Uigurische Menschenrechtlerin gegen China: "Für einen Olympia-Boykott"

Die Menschenrechtlerin Rebiya Kadeer wirft China vor, die Kultur der Uiguren zerstören zu wollen. Hunderttausende Mädchen würden aus Uigurien zwangsumgesiedelt.

"Staatsfeind Nr. 1" nennt sie sich - den Dialog mit Peking sucht Kadeer vergeblich. Bild: dpa

BERLIN taz "Die Regierung in Peking will unsere Sprache, Schrift und Kultur zerstören", klagt die uigurische Menschenrechtlerin Rebiya Kadeer. Die Präsidentin des in München ansässigen Weltkongresses der Uiguren (WUC) hat kürzlich in Berlin auf die Unterdrückung der muslimischen turkstämmigen Bevölkerung in Chinas Nordwestprovinz Xinjiang aufmerksam gemacht. Die im Exil in der Nähe Washingtons lebende Menschenrechtlerin bezeichnet sich in ihrer Autobiografie selbst als "Chinas Staatsfeindin Nr. 1".

"Allein aus der Region Kaschgar sind im vergangenen Jahr 240.000 Mädchen im Alter von 14 bis 24 Jahren zwangsweise in Chinas Ostprovinzen transferiert worden", sagt Kadeer der taz. Proteste von Uiguren gegen den staatlichen Mädchenraub würden unterdrückt.

Offiziell werde die Umsiedlung damit begründet, dass die Frauen Jobs bekämen. Doch in Wirklichkeit gehe es darum, die acht Millionen Uiguren weiter zu marginalisieren und außerhalb Xinjiangs zu zwangsassimilieren, sagt Kadeer mit fester Stimme. Zudem würden die jungen Uigurinnen oft zur Prostitution gezwungen oder zu Billigstlöhnen ausgebeutet.

China annektierte das von den Uiguren Ostturkestan genannte Gebiet 1949. Seit langem werden dort gezielt Han-Chinesen angesiedelt. Deren Bevölkerungsanteil stieg laut Kadeer von damals 2 auf heute 65 Prozent. Noch immer kämen täglich 7.000 Han-Chinesen.

Die 59-jährige Kadeer hat ihre eigenen Erfahrungen mit Peking. Zunächst wurde die erfolgreiche Geschäftsfrau und Mutter von neun Kindern von der Führung hofiert. Die Besitzerin von zwei Kaufhäusern in Ürümqi wurde sogar in den Nationalen Volkskongress berufen.
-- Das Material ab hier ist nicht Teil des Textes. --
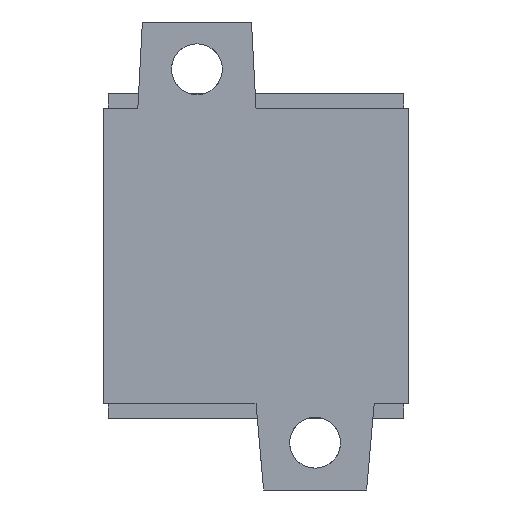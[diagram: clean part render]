
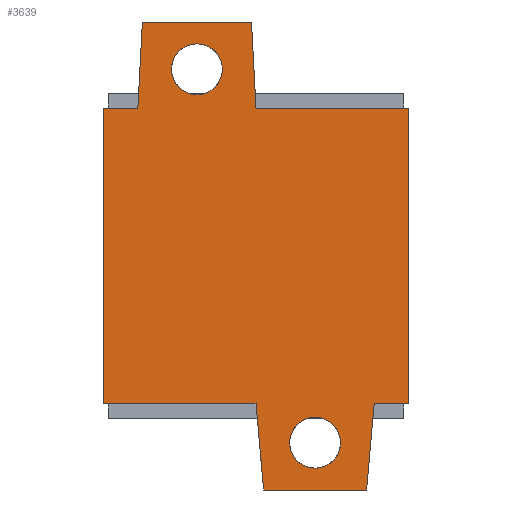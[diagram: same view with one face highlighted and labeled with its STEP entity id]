
A CAD part, front view. The second image highlights one B-rep face of the part: STEP entity #3639.
In plain terms, the highlighted planar face has unit normal (0, -1, 0).
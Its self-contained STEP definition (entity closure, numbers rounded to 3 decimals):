
#1184=DIRECTION('',(-1.,0.,0.));
#1185=VECTOR('',#1184,9.235);
#1186=CARTESIAN_POINT('',(-0.383,0.,19.8));
#1187=LINE('',#1186,#1185);
#1188=DIRECTION('',(-0.087,0.,-0.996));
#1189=VECTOR('',#1188,7.328);
#1190=CARTESIAN_POINT('',(10.001,0.,-12.5));
#1191=LINE('',#1190,#1189);
#1192=DIRECTION('',(-1.,0.,0.));
#1193=VECTOR('',#1192,8.723);
#1194=CARTESIAN_POINT('',(9.361,0.,-19.8));
#1195=LINE('',#1194,#1193);
#1196=DIRECTION('',(-0.087,0.,0.996));
#1197=VECTOR('',#1196,7.328);
#1198=CARTESIAN_POINT('',(0.639,0.,-19.8));
#1199=LINE('',#1198,#1197);
#1200=DIRECTION('',(-1.,0.,0.));
#1201=VECTOR('',#1200,12.9);
#1202=CARTESIAN_POINT('',(0.,0.,-12.5));
#1203=LINE('',#1202,#1201);
#1204=DIRECTION('',(0.,0.,1.));
#1205=VECTOR('',#1204,25.);
#1206=CARTESIAN_POINT('',(-12.9,0.,-12.5));
#1207=LINE('',#1206,#1205);
#1208=DIRECTION('',(1.,0.,0.));
#1209=VECTOR('',#1208,2.899);
#1210=CARTESIAN_POINT('',(-12.9,0.,12.5));
#1211=LINE('',#1210,#1209);
#1212=DIRECTION('',(0.052,0.,0.999));
#1213=VECTOR('',#1212,7.31);
#1214=CARTESIAN_POINT('',(-10.001,0.,12.5));
#1215=LINE('',#1214,#1213);
#1216=DIRECTION('',(0.052,0.,-0.999));
#1217=VECTOR('',#1216,7.31);
#1218=CARTESIAN_POINT('',(-0.383,0.,19.8));
#1219=LINE('',#1218,#1217);
#1220=DIRECTION('',(1.,0.,0.));
#1221=VECTOR('',#1220,12.9);
#1222=CARTESIAN_POINT('',(0.,0.,12.5));
#1223=LINE('',#1222,#1221);
#1224=DIRECTION('',(0.,0.,-1.));
#1225=VECTOR('',#1224,25.);
#1226=CARTESIAN_POINT('',(12.9,0.,12.5));
#1227=LINE('',#1226,#1225);
#1228=DIRECTION('',(-1.,0.,0.));
#1229=VECTOR('',#1228,2.899);
#1230=CARTESIAN_POINT('',(12.9,0.,-12.5));
#1231=LINE('',#1230,#1229);
#1232=CARTESIAN_POINT('',(-5.,0.,15.8));
#1233=DIRECTION('',(0.,-1.,0.));
#1234=DIRECTION('',(-1.,0.,0.));
#1235=AXIS2_PLACEMENT_3D('',#1232,#1233,#1234);
#1237=CARTESIAN_POINT('',(-5.,0.,15.8));
#1238=DIRECTION('',(0.,-1.,0.));
#1239=DIRECTION('',(1.,0.,0.));
#1240=AXIS2_PLACEMENT_3D('',#1237,#1238,#1239);
#1242=CARTESIAN_POINT('',(5.,0.,-15.8));
#1243=DIRECTION('',(0.,-1.,0.));
#1244=DIRECTION('',(-1.,0.,0.));
#1245=AXIS2_PLACEMENT_3D('',#1242,#1243,#1244);
#1247=CARTESIAN_POINT('',(5.,0.,-15.8));
#1248=DIRECTION('',(0.,-1.,0.));
#1249=DIRECTION('',(1.,0.,0.));
#1250=AXIS2_PLACEMENT_3D('',#1247,#1248,#1249);
#1495=CARTESIAN_POINT('',(9.361,0.,-19.8));
#1497=VERTEX_POINT('',#1495);
#1500=CARTESIAN_POINT('',(0.639,0.,-19.8));
#1501=VERTEX_POINT('',#1500);
#1502=CARTESIAN_POINT('',(10.001,0.,-12.5));
#1504=VERTEX_POINT('',#1502);
#1506=CARTESIAN_POINT('',(-12.9,0.,-12.5));
#1508=VERTEX_POINT('',#1506);
#1510=CARTESIAN_POINT('',(12.9,0.,-12.5));
#1511=VERTEX_POINT('',#1510);
#1518=CARTESIAN_POINT('',(12.9,0.,12.5));
#1520=VERTEX_POINT('',#1518);
#1522=CARTESIAN_POINT('',(-12.9,0.,12.5));
#1523=CARTESIAN_POINT('',(-10.001,0.,12.5));
#1524=VERTEX_POINT('',#1522);
#1525=VERTEX_POINT('',#1523);
#1526=CARTESIAN_POINT('',(2.85,0.,-15.8));
#1527=CARTESIAN_POINT('',(7.15,0.,-15.8));
#1528=VERTEX_POINT('',#1526);
#1529=VERTEX_POINT('',#1527);
#1530=CARTESIAN_POINT('',(-7.15,0.,15.8));
#1531=CARTESIAN_POINT('',(-2.85,0.,15.8));
#1532=VERTEX_POINT('',#1530);
#1533=VERTEX_POINT('',#1531);
#1534=CARTESIAN_POINT('',(0.,0.,-12.5));
#1535=VERTEX_POINT('',#1534);
#1536=CARTESIAN_POINT('',(-9.617,0.,19.8));
#1537=VERTEX_POINT('',#1536);
#1538=CARTESIAN_POINT('',(-0.383,0.,19.8));
#1539=CARTESIAN_POINT('',(0.,0.,12.5));
#1540=VERTEX_POINT('',#1538);
#1541=VERTEX_POINT('',#1539);
#3608=CARTESIAN_POINT('',(0.,0.,0.));
#3609=DIRECTION('',(0.,1.,0.));
#3610=DIRECTION('',(1.,0.,0.));
#3611=AXIS2_PLACEMENT_3D('',#3608,#3609,#3610);
#3612=PLANE('',#3611);
#3613=ORIENTED_EDGE('',*,*,#3310,.T.);
#3614=ORIENTED_EDGE('',*,*,#3324,.T.);
#3615=ORIENTED_EDGE('',*,*,#3338,.T.);
#3616=ORIENTED_EDGE('',*,*,#3369,.T.);
#3617=ORIENTED_EDGE('',*,*,#3394,.T.);
#3618=ORIENTED_EDGE('',*,*,#3424,.T.);
#3619=ORIENTED_EDGE('',*,*,#3588,.T.);
#3620=ORIENTED_EDGE('',*,*,#3603,.F.);
#3621=ORIENTED_EDGE('',*,*,#3171,.T.);
#3622=ORIENTED_EDGE('',*,*,#3202,.T.);
#3623=ORIENTED_EDGE('',*,*,#3224,.T.);
#3624=ORIENTED_EDGE('',*,*,#3243,.T.);
#3625=EDGE_LOOP('',(#3613,#3614,#3615,#3616,#3617,#3618,#3619,#3620,#3621,#3622,
#3623,#3624));
#3626=FACE_OUTER_BOUND('',#3625,.F.);
#3628=ORIENTED_EDGE('',*,*,#3627,.T.);
#3630=ORIENTED_EDGE('',*,*,#3629,.T.);
#3631=EDGE_LOOP('',(#3628,#3630));
#3632=FACE_BOUND('',#3631,.F.);
#3634=ORIENTED_EDGE('',*,*,#3633,.T.);
#3636=ORIENTED_EDGE('',*,*,#3635,.T.);
#3637=EDGE_LOOP('',(#3634,#3636));
#3638=FACE_BOUND('',#3637,.F.);
#1236=CIRCLE('',#1235,2.15);
#1241=CIRCLE('',#1240,2.15);
#1246=CIRCLE('',#1245,2.15);
#1251=CIRCLE('',#1250,2.15);
#3171=EDGE_CURVE('',#1540,#1541,#1219,.T.);
#3202=EDGE_CURVE('',#1541,#1520,#1223,.T.);
#3224=EDGE_CURVE('',#1520,#1511,#1227,.T.);
#3243=EDGE_CURVE('',#1511,#1504,#1231,.T.);
#3310=EDGE_CURVE('',#1504,#1497,#1191,.T.);
#3324=EDGE_CURVE('',#1497,#1501,#1195,.T.);
#3338=EDGE_CURVE('',#1501,#1535,#1199,.T.);
#3369=EDGE_CURVE('',#1535,#1508,#1203,.T.);
#3394=EDGE_CURVE('',#1508,#1524,#1207,.T.);
#3424=EDGE_CURVE('',#1524,#1525,#1211,.T.);
#3588=EDGE_CURVE('',#1525,#1537,#1215,.T.);
#3603=EDGE_CURVE('',#1540,#1537,#1187,.T.);
#3627=EDGE_CURVE('',#1532,#1533,#1236,.T.);
#3629=EDGE_CURVE('',#1533,#1532,#1241,.T.);
#3633=EDGE_CURVE('',#1528,#1529,#1246,.T.);
#3635=EDGE_CURVE('',#1529,#1528,#1251,.T.);
#3639=ADVANCED_FACE('',(#3626,#3632,#3638),#3612,.F.);

Als sie jedoch später die Politik in der offiziell als autonom bezeichneten Region Xinjiang kritisierte, fiel sie in Ungnade.

Weil sie ihrem im Exil in den USA lebenden Mann Material über Menschenrechtsverletzungen schickte und sich mit einer Delegation des US-Kongresses treffen wollte, wurde sie 1999 verhaftet und wegen "Verrats von Staatsgeheimnissen" zu acht Jahren Gefängnis verurteilt. 2005 wurde sie in die USA ausgewiesen. Von dort kritisiert sie China weiter, weshalb zwei ihrer in der Heimat verbliebenen Söhne verhaftet und inzwischen zu sieben und neun Jahren Gefängnis verurteilt wurden.
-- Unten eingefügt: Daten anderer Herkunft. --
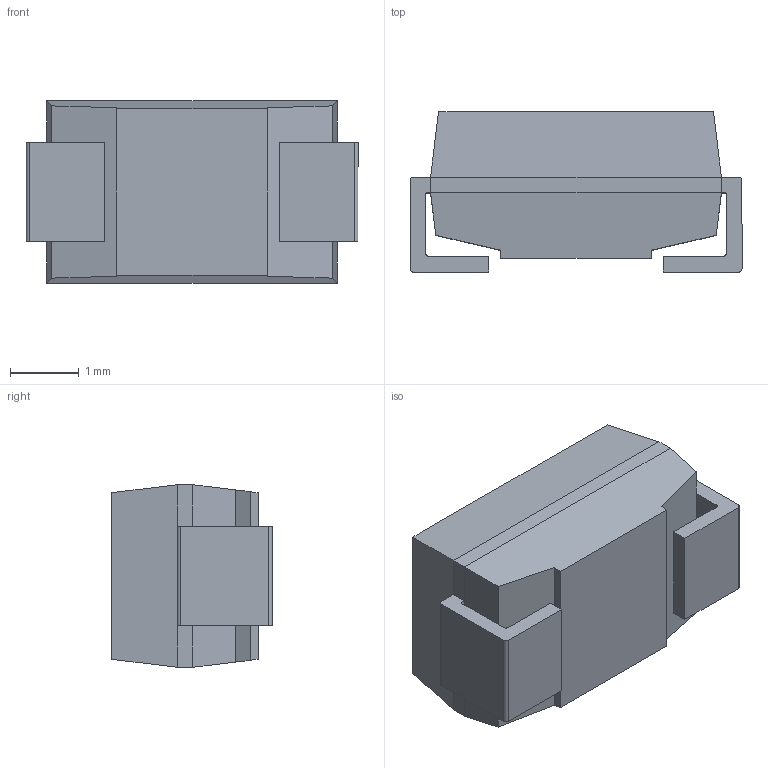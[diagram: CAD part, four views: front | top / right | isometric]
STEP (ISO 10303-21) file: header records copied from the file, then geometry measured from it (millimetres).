
FILE_DESCRIPTION (( 'STEP AP214' ), '1' );
FILE_NAME ('diode_172mil_chip1210.STEP', '2016-07-04T15:04:34', ( 'NgocHoang' ), ( '' ), 'SwSTEP 2.0', 'SolidWorks 2010', '' );
FILE_SCHEMA (( 'AUTOMOTIVE_DESIGN' ));
Length unit declared in the file: millimetre
Products named in the file (3): diode_172mil; PIN_DIODE_172MIL; diode_172mil_chip1210
Assembly tree (3 placements, depth 2):
  diode_172mil_chip1210
    diode_172mil
    PIN_DIODE_172MIL  x2
Bounding box: 4.84 x 2.34 x 2.67 mm (x, y, z)
Volume: 23.2 mm3; surface area: 66.9 mm2
Topology: 3 solids, 3 shells, 120 faces, 308 edges, 200 vertices
Faces by surface type: plane 104, bspline 8, cylinder 8
Entity records: 4717 total; most frequent: CARTESIAN_POINT 1232, ORIENTED_EDGE 544, DIRECTION 472, EDGE_CURVE 272, LINE 248, VECTOR 248, VERTEX_POINT 176, EDGE_LOOP 112

Kadeer war trotz heftiger Proteste Pekings bereits dreimal für den Friedensnobelpreis nominiert. Zwar erhielt sie die renommierte Auszeichnung nicht, aber bereits 2004 den norwegischen Thorolf-Rafto-Gedenkpreis für Menschenrechte.

Auf die Frage, ob sie für die Unabhängigkeit Ostturkestans kämpft, sagt Kadeer, diese Frage sollten die Uiguren selbst entscheiden. Sie wolle die Selbstbestimmung ihres Volkes. "Der Dalai Lama hat gesagt, dass er mit einer Autonomie Tibets einverstanden ist. Trotzdem werden die Tibeter weiter unterdrückt, und er wird weiter von Peking als Feind betrachtet. Deshalb kämpfe ich nicht für Autonomie oder Unabhängigkeit, sondern für die Menschenrechte der Uiguren", sagt Kadeer. "Trotz unserer Dialogbemühungen bezeichnet uns Peking als Separatisten und Terroristen. Dabei stehen wir Uiguren selbst vor der Auslöschung." Sie fordert größeren internationalen Druck auf China und wertet die Vergabe der Olympischen Spiele 2008 an Peking als Fehler. "Ich bin für einen Boykott der Spiele."